И отпустил свою руку, и она качнулась.

— Я не один, — говорит, — такой, а нас многие тысячи: кто руку, кто ногу, кому посчастливилось и всю жизнь отдать. А вы оберегаете завет ваших дедов. Мы руки, ноги жертвуем и всю жизнь, а вы оберегаете дерево.

Еще он говорил:

— Наши страны все большие и маленькие соединятся крепко и скажут на весь свет слово правды, то будет настоящее слово, а не наши пустые слова.

Его спросили:

— А что это слово?

И он ответил:

— Мы еще не дожили, но мы доживем. Какое это будет слово, мы еще не можем сказать: мы только должны помогать правдой жизни нашей выйти на свет слову правды.

Против таких слов наши не могли устоять и, скрепя сердце, хочешь не хочешь, подписали бумагу. Люди всякие были, но бумага одна, и ее подписали.

— И ты подписал?

— Милый мой! Вон вьется тропа человеческая, скажи, кто ее вытропил?

— Тысячи!

— И среди тысяч мы с тобой тоже делали!

— Видно, делали.

Вот то-то не видно нас, где шел ты, где шел я: человек шел и все наши отдельные следы выправлял. Так и в этом деле: не ты, не я, а человек шел и, конечно, я подписал.

— Ты подписал!

— Это не закрывало мне путь к спасению Чащи.

Мне шепнули, что охотник Мануйло ходил к Калинину, искал заступиться за свой путик. И Калинин ему разрешил оставаться на своем путике. Я подумал: у меня тоже свой путик, я вроде сторожа в нашей чаще. Мне Калинин позволит тоже остаться на своем путике. И пошел к Калинину.

— И что ж, чем кончилось?

— Только вышел из сузема, только добрался до Пинеги и сказал о своем деле, все стали смеяться надо мной: живые люди на свете миллионами гибнут, а он за мертвых дедов идет просить в Москву.
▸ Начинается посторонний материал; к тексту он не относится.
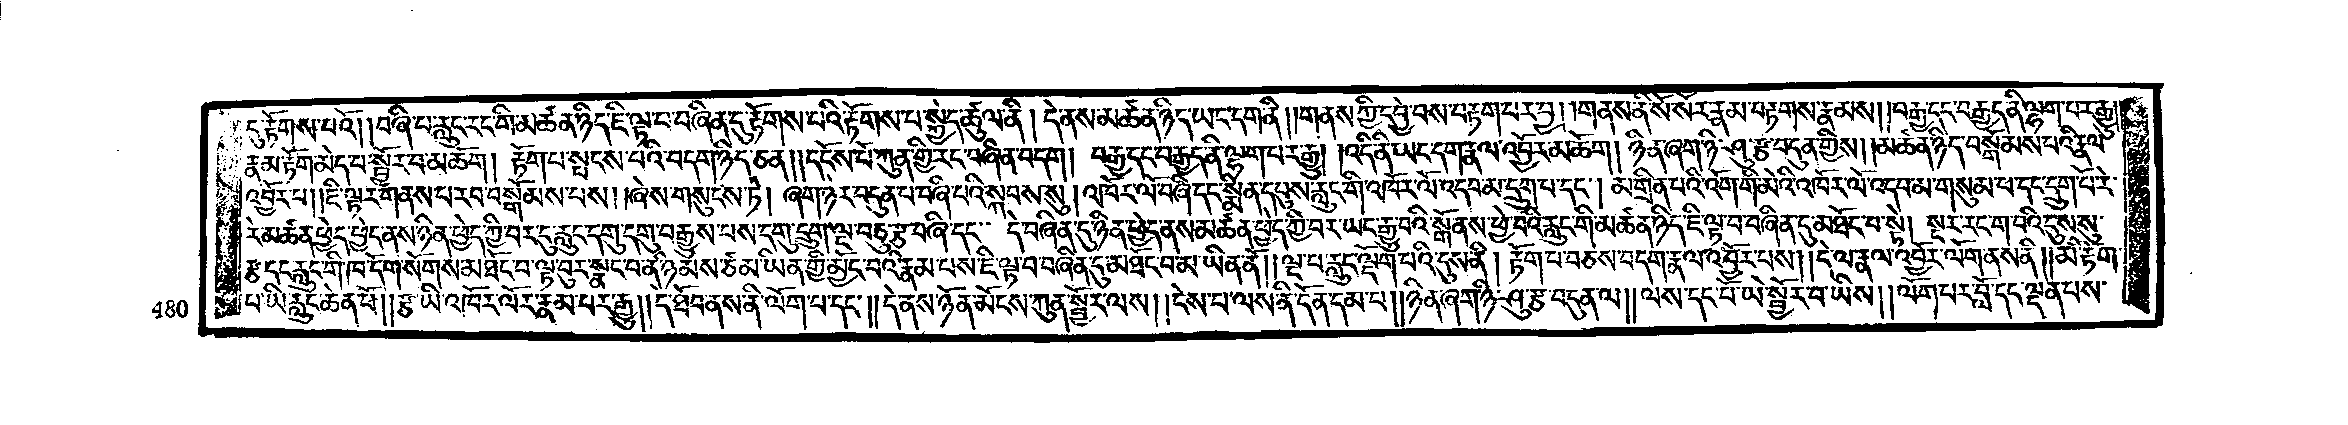དུ་རྟོགས་པའོ། །བཞི་པ་རླུང་རང་གི་མཚན་ཉིད་ཇི་ལྟ་བ་བཞིན་དུ་རྟོགས་པའི་རྟོགས་པ་སྐྱེད་ཚུལ་ནི། དེ་ནས་མཚན་ཉིད་ཡང་དག་ནི། །གནས་ཀྱི་དབྱེ་བས་བརྟག་པར་བྱ། །གནས་ནི་སོ་སོར་རྣམ་བརྟགས་རྣམས། །བརྒྱ་དང་བརྒྱད་ནི་ལྷག་པར་རྒྱུ།།
རྣམ་རྟོག་མེད་པ་སྦྱོར་བ་མཆོག །རྟོག་པ་སྤངས་པའི་བདག་ཉིད་ཅན། །དངོས་པོ་ཀུན་གྱི་རང་བཞིན་བདག །བརྒྱ་དང་བརྒྱད་ནི་ལྷག་པར་རྒྱུ། །འདི་ནི་ཡང་དག་རྣལ་འབྱོར་མཆོག །ཉིན་ཞག་ཉི་ཤུ་རྩ་བདུན་གྱིས། །མཚན་ཉིད་བསྒོམས་པའི་རྣལ་
འབྱོར་པ། །ཇི་ལྟར་གནས་པ་རབ་བསྒོམས་པས། །ཞེས་གསུངས་ཏེ། ཞག་ཉེར་བདུན་པ་བཞི་པའི་སྐབས་སུ། འཁོར་ལོ་བཞི་དང་སྨིན་དབུས་རླུང་གི་འཁོར་ལོ་འདབ་མ་དྲུག་པ་དང་། མགྲིན་པའི་འོག་གི་མེའི་འཁོར་ལོ་འདབ་མ་གསུམ་པ་དང་དྲུག་པོ་རེ་
རེ་མཚན་ཕྱེད་ཕྱེད་ནས་ཉིན་ཕྱེད་ཀྱི་བར་དུ་རླུང་དགུ་དགུ་བརྒྱུས་པས་དགུ་དྲུག་ལྔ་བཅུ་རྩ་བཞི་དང་དེ་བཞིན་དུ་ཉིན་ཕྱེད་ནས་མཚན་ཕྱེད་ཀྱི་བར་ཡང་རྒྱུ་བའི་སྒོ་ནས་ཕྱེ་བའི་རླུང་གི་མཚན་ཉིད་ཇི་ལྟ་བ་བཞིན་དུ་མཐོང་བ་སྟེ། སྔར་རང་ག་བའི་དུས་སུ་
རྩ་དང་རླུང་གི་ཁ་དོག་སོགས་མཐོང་བ་ལྟ་བུར་སྣང་བ་ནི་ཉམས་ཙམ་ཡིན་གྱི་མྱོང་བའི་རྣམ་པས་ཇི་ལྟ་བ་བཞིན་དུ་མཐོང་བ་མ་ཡིན་ནོ། །ལྔ་པ་རླུང་ལྡོག་པའི་དུས་ནི། རྟོག་པ་བཅེས་བདག་རྣལ་འབྱོར་པས། །དེ་ལ་རྣལ་འབྱོར་ལོག་ནས་ནི། །མི་རྟོག་
པ་ཡི་རླུང་ཆེན་པོ། །རྩ་ཡི་འཁོར་ལོར་རྣམ་པར་རྒྱུ། །དེ་ཐོབ་ནས་ནི་ལོག་པ་དང་། །དེ་ནས་ཉོན་མོངས་ཀུན་སྦྱོར་ལས། །ངེས་པ་ལས་ནི་དོན་དམ་པ། །ཉིན་ཞག་ཉི་ཤུ་རྩ་བདུན་ལ། །ལས་དང་པོ་ཡི་སྦྱོར་བ་ཡིས། །ལོག་པར་བློ་དང་ལྡན་པས་

И один мудрый человек сказал мне такую притчу:

— Вы, — говорит, — там в Коми, оленеводы и мою притчу поймете. Когда стадо домашних оленей проходит и на пути им встречается дикий… Ты знаешь, что тогда бывает?

— Знаю, — говорю, — домашние олени приводят хозяину дикого, и он делается своим.

— А знаешь ли ты, что бывает, когда стадо диких оленей встречает одного домашнего?

— Знаю, — говорю, — домашнего оленя дикие уводят к себе, и он с ними вместе дичает.

— Вот, — говорит мудрец, — ты сам дикий олень, одинокий, и ты хочешь, чтобы целое стадо, и еще больше — великие стада оленей на свете бросили свою службу человеку и за тобой бы пошли в сузем служить дереву.

Вот как они стали понимать веру наших дедов и прадедов: как службу и поклонение дереву. Так и сказали: «Это у вас остатки язычества».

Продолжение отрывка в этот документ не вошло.